_Work to be completed_. In the listing below, find the line containing "Marry Daniels was born December the 11 Day" and the line containing "in year of our Lord 1805". Repeat exactly those two lines and every line between them.

_Task material_.
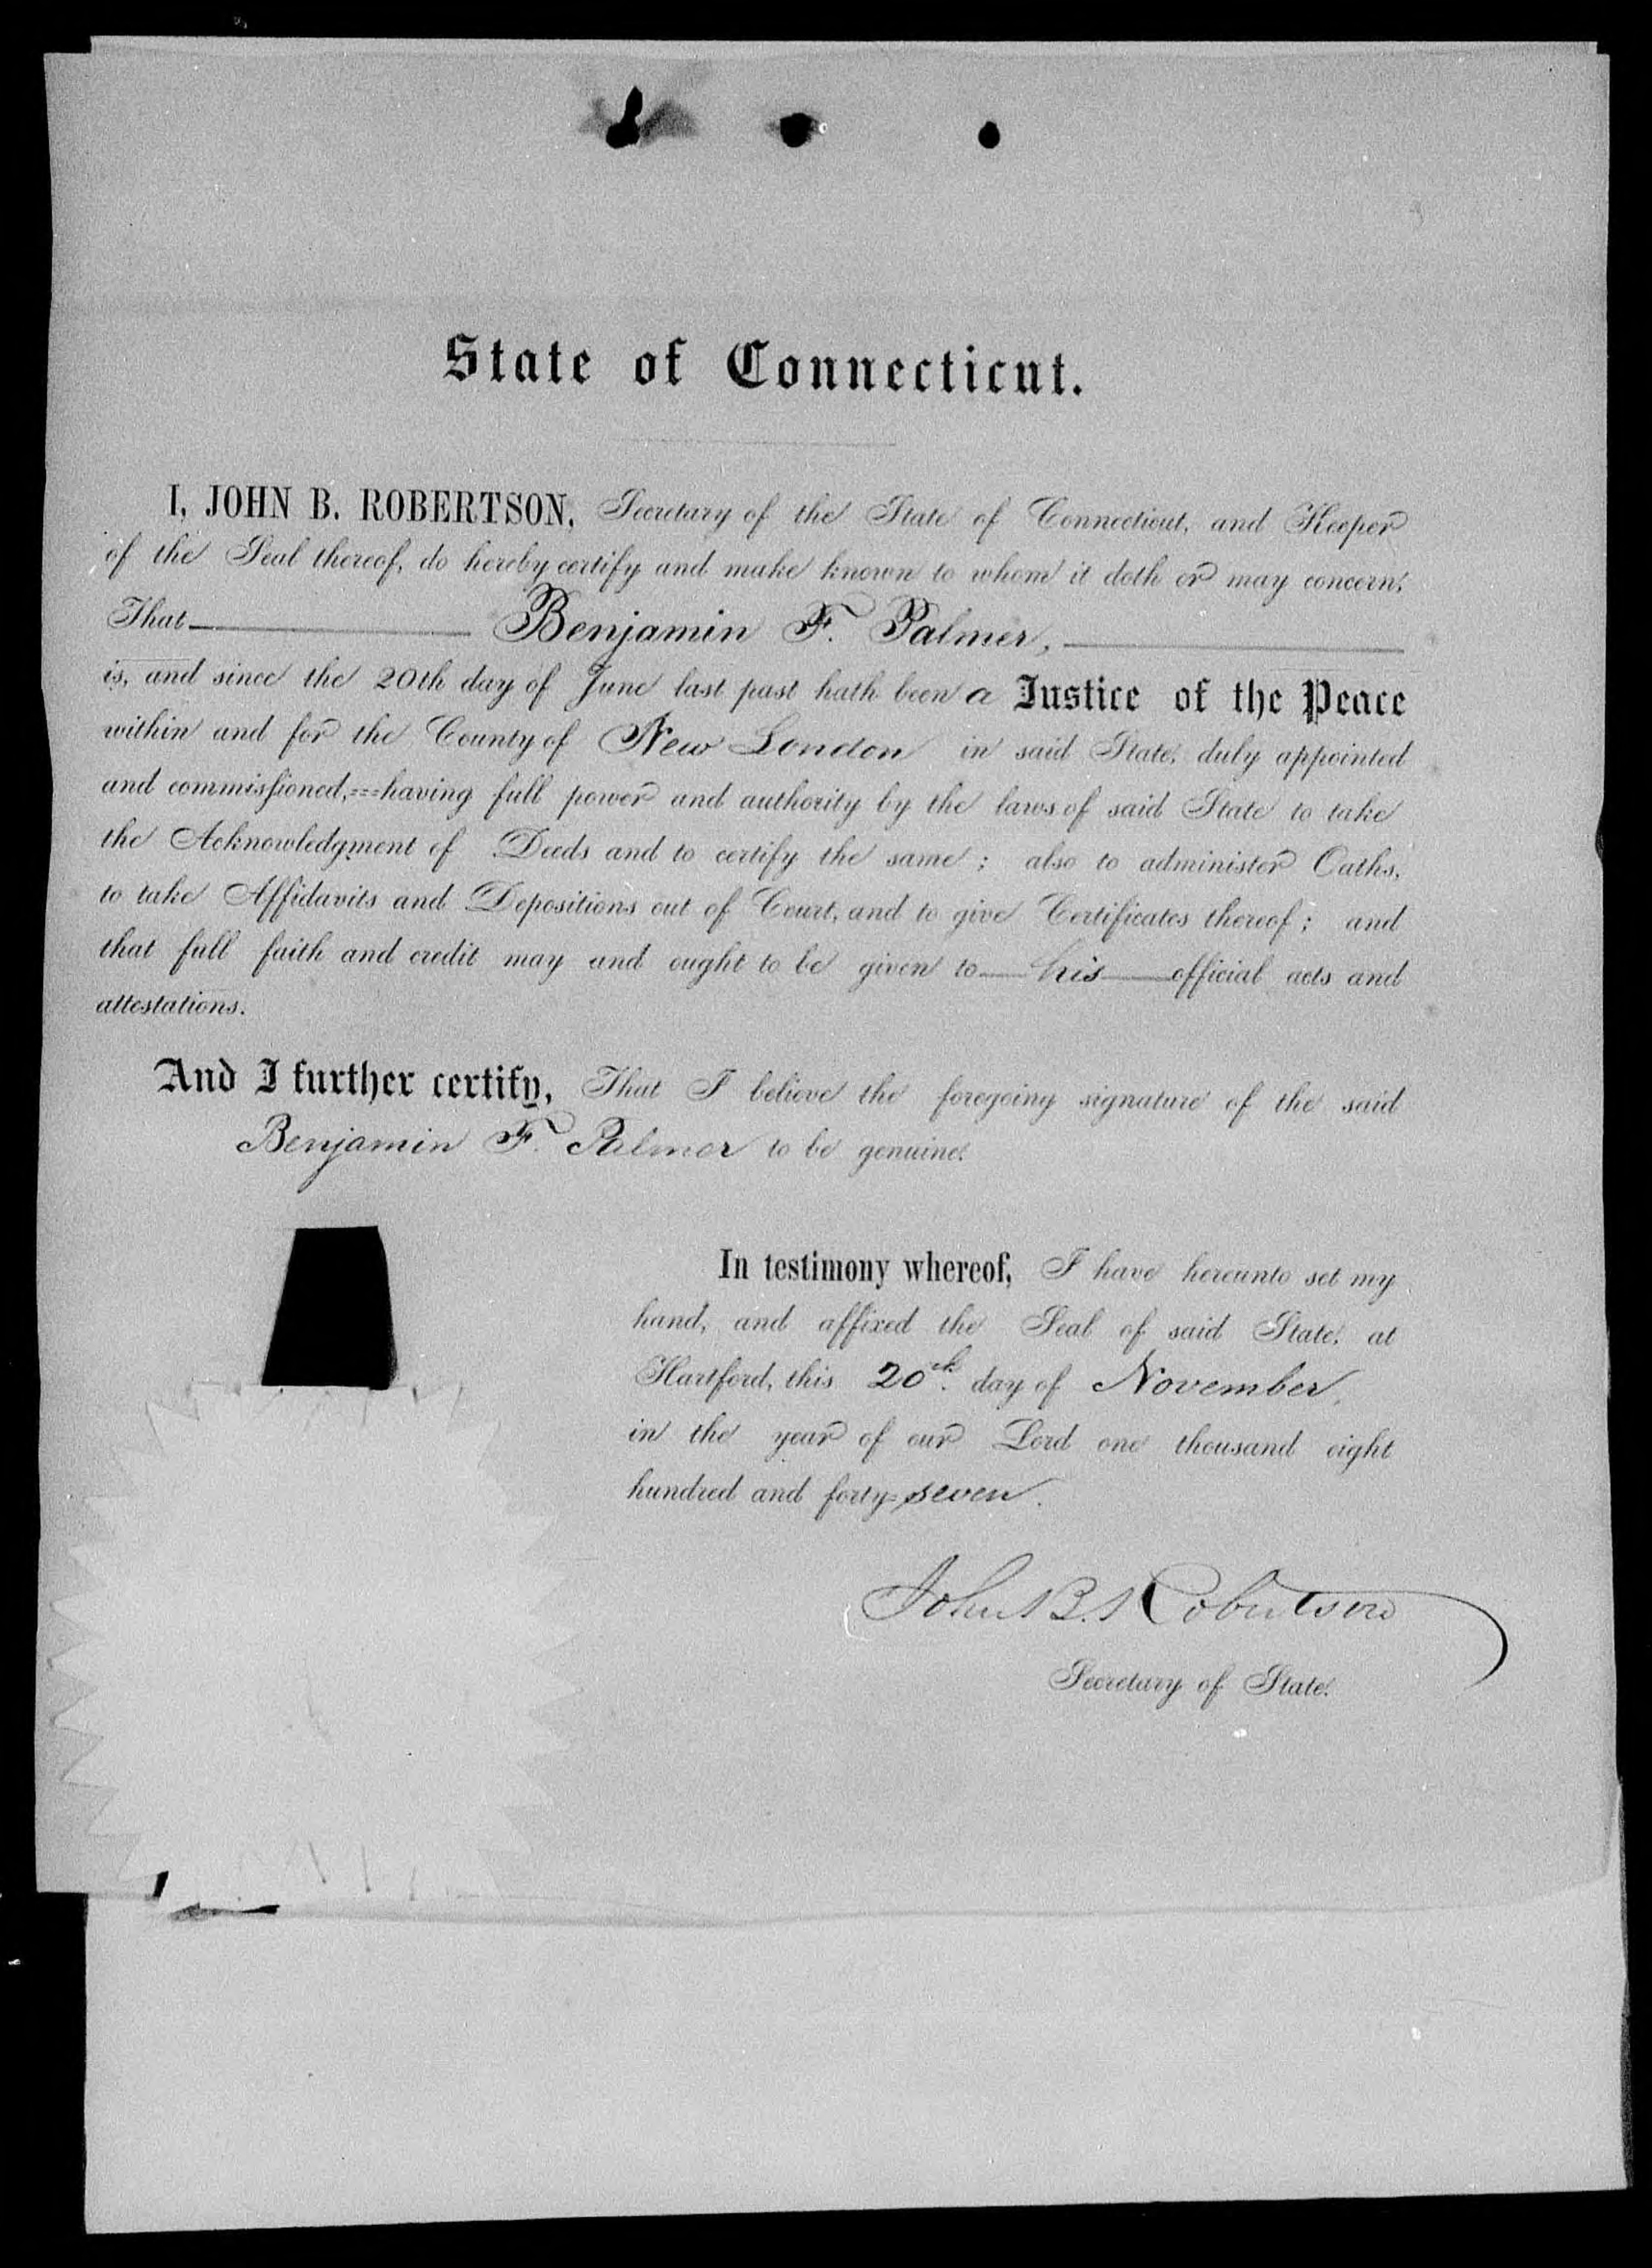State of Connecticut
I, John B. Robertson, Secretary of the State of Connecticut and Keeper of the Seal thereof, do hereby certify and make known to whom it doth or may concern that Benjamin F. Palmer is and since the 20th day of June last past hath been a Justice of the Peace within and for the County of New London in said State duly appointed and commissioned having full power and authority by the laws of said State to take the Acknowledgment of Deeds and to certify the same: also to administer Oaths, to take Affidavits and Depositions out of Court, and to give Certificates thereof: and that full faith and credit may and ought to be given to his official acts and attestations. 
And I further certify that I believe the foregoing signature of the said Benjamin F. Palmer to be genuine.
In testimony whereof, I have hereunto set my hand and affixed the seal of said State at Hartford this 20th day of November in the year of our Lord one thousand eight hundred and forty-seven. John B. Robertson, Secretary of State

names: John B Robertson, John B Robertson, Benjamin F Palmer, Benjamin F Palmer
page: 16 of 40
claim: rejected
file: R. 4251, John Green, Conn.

* * *

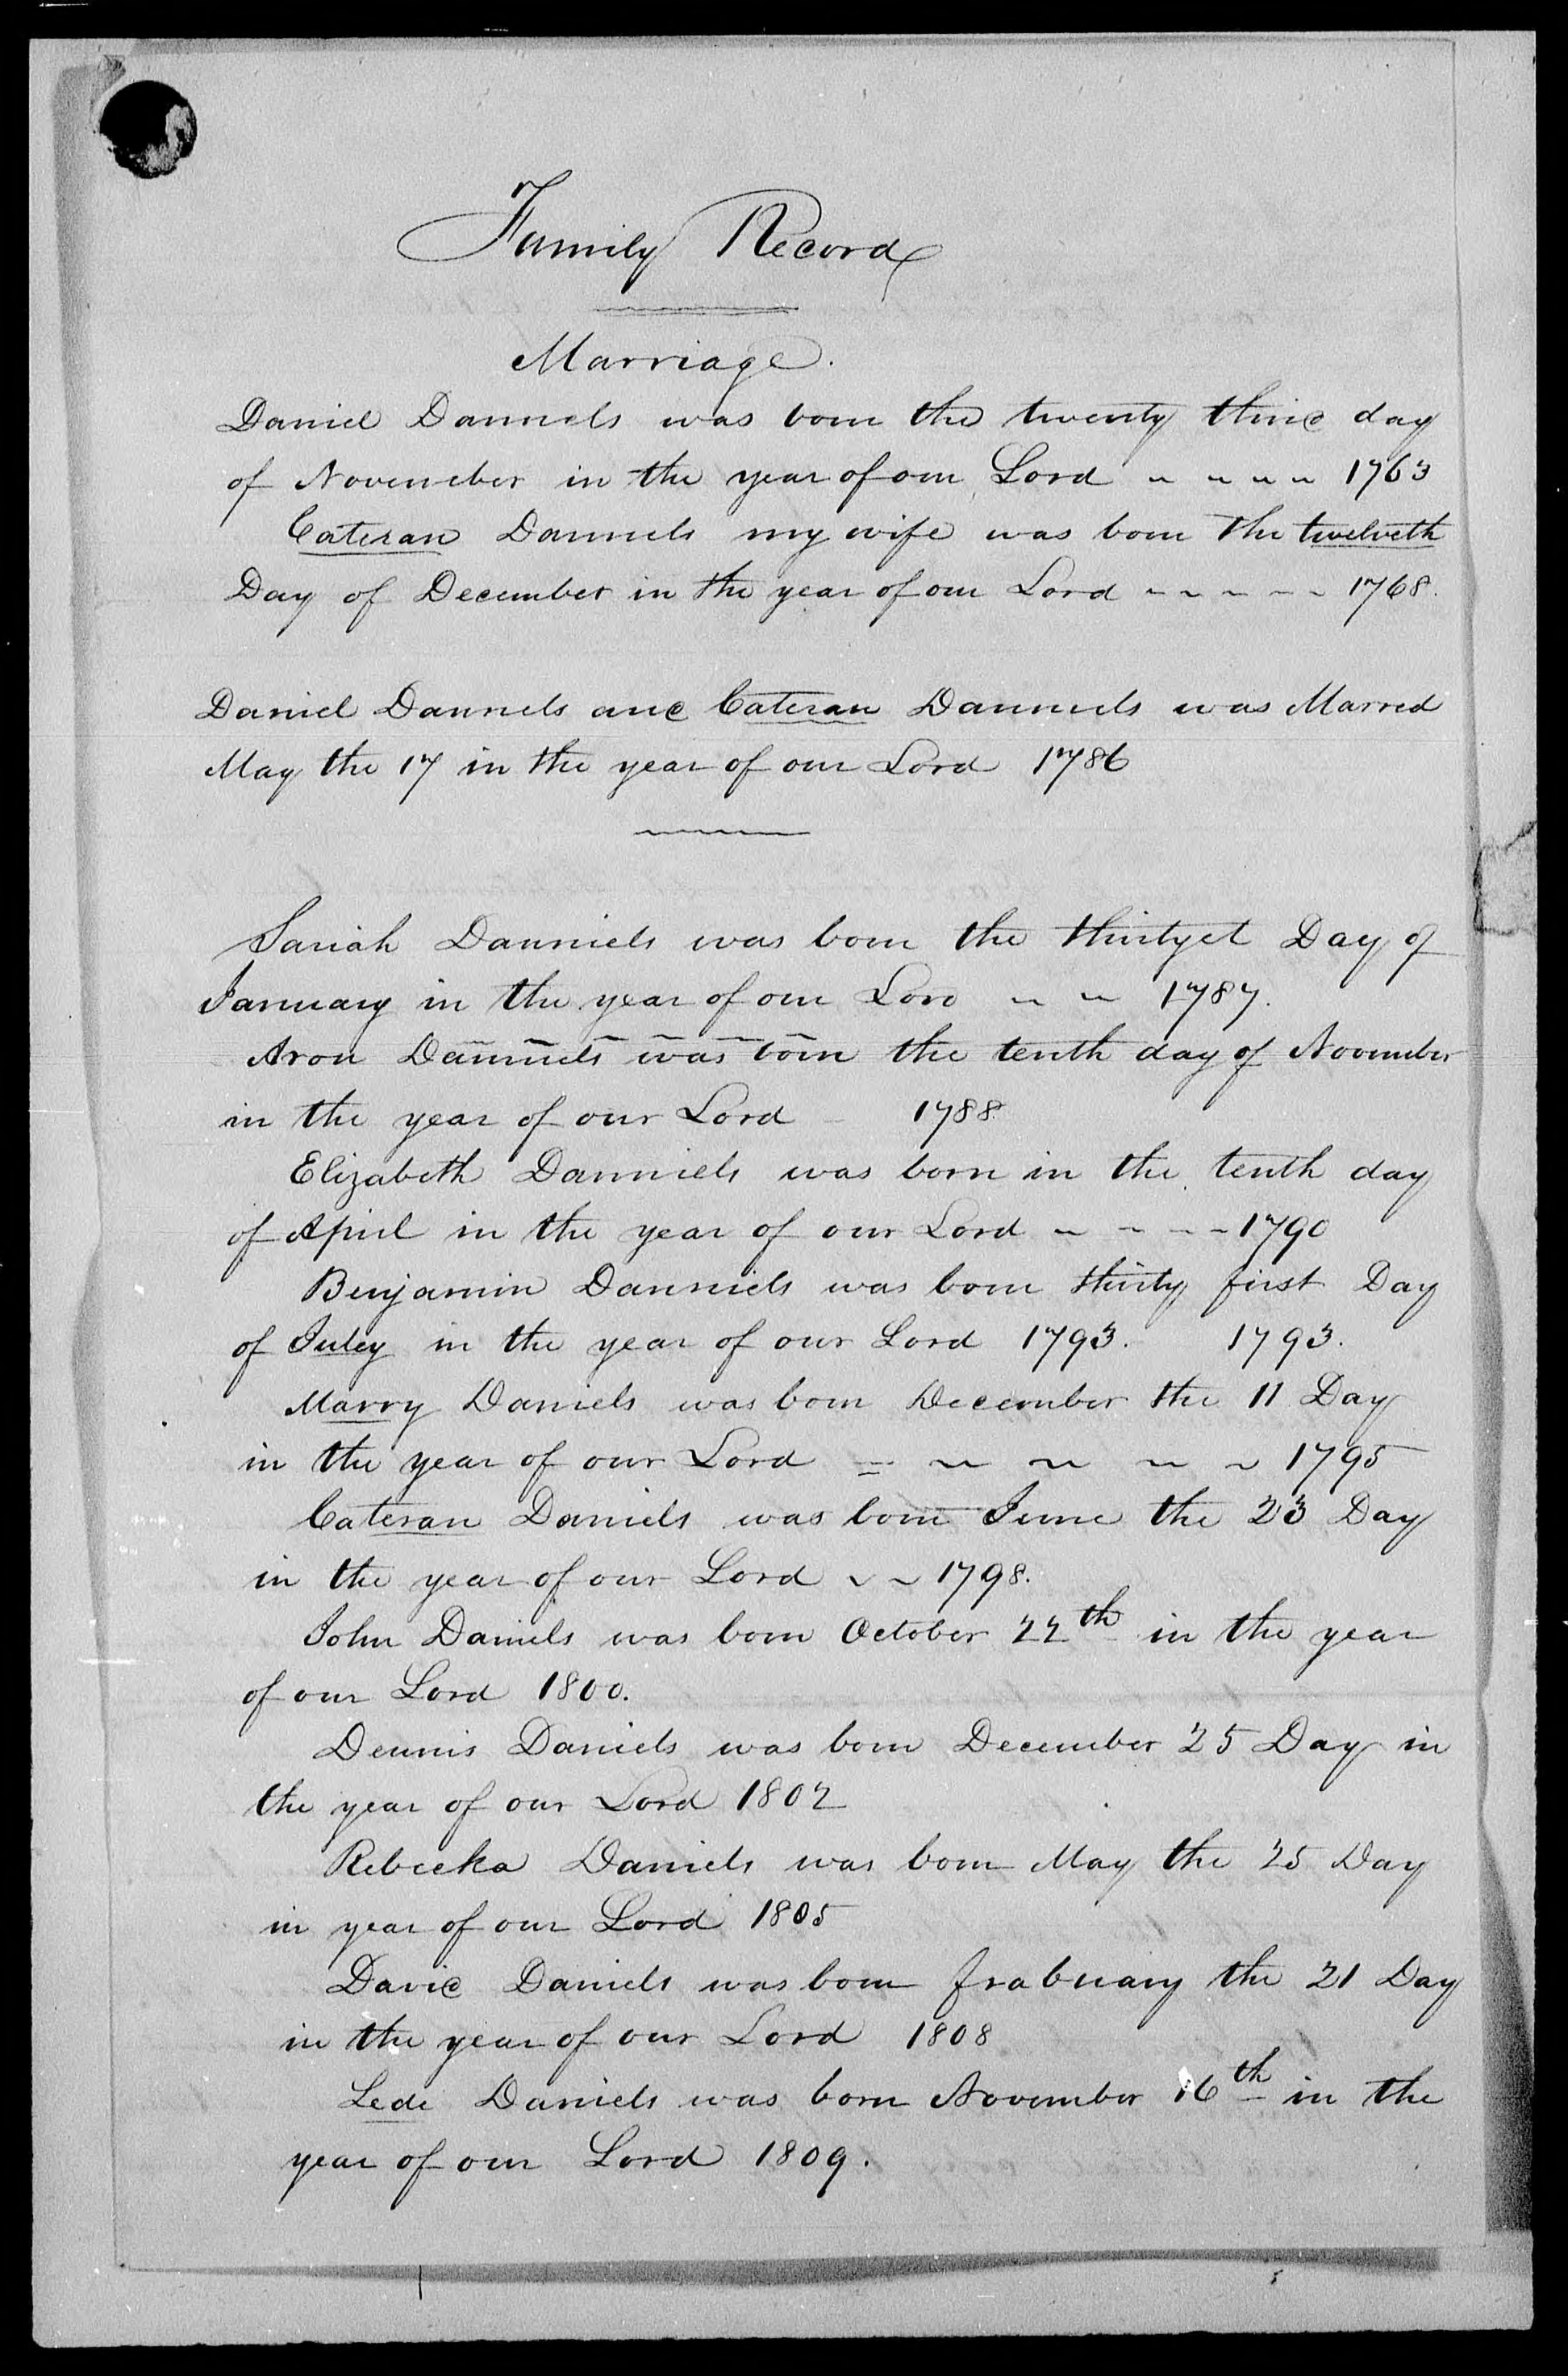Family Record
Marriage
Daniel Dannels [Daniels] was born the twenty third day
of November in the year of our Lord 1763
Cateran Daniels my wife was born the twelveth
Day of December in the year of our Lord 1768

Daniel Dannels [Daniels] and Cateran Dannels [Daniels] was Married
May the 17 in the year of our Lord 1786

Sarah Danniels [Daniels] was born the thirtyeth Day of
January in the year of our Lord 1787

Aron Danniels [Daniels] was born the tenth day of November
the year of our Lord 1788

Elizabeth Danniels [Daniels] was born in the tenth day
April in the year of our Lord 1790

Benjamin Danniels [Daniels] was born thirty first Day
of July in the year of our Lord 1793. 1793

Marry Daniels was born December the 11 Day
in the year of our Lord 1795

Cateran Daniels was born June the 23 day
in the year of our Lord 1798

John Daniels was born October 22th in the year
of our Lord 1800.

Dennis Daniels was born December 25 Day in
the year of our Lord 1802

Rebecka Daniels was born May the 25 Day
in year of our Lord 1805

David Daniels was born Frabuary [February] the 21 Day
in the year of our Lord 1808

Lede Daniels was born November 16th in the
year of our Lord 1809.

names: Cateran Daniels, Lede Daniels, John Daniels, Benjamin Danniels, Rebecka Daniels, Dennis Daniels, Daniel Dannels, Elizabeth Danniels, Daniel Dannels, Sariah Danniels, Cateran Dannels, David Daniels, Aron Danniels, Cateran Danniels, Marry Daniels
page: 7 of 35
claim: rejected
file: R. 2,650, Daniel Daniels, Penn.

_Result for this task_.
Marry Daniels was born December the 11 Day
in the year of our Lord 1795

Cateran Daniels was born June the 23 day
in the year of our Lord 1798

John Daniels was born October 22th in the year
of our Lord 1800.

Dennis Daniels was born December 25 Day in
the year of our Lord 1802

Rebecka Daniels was born May the 25 Day
in year of our Lord 1805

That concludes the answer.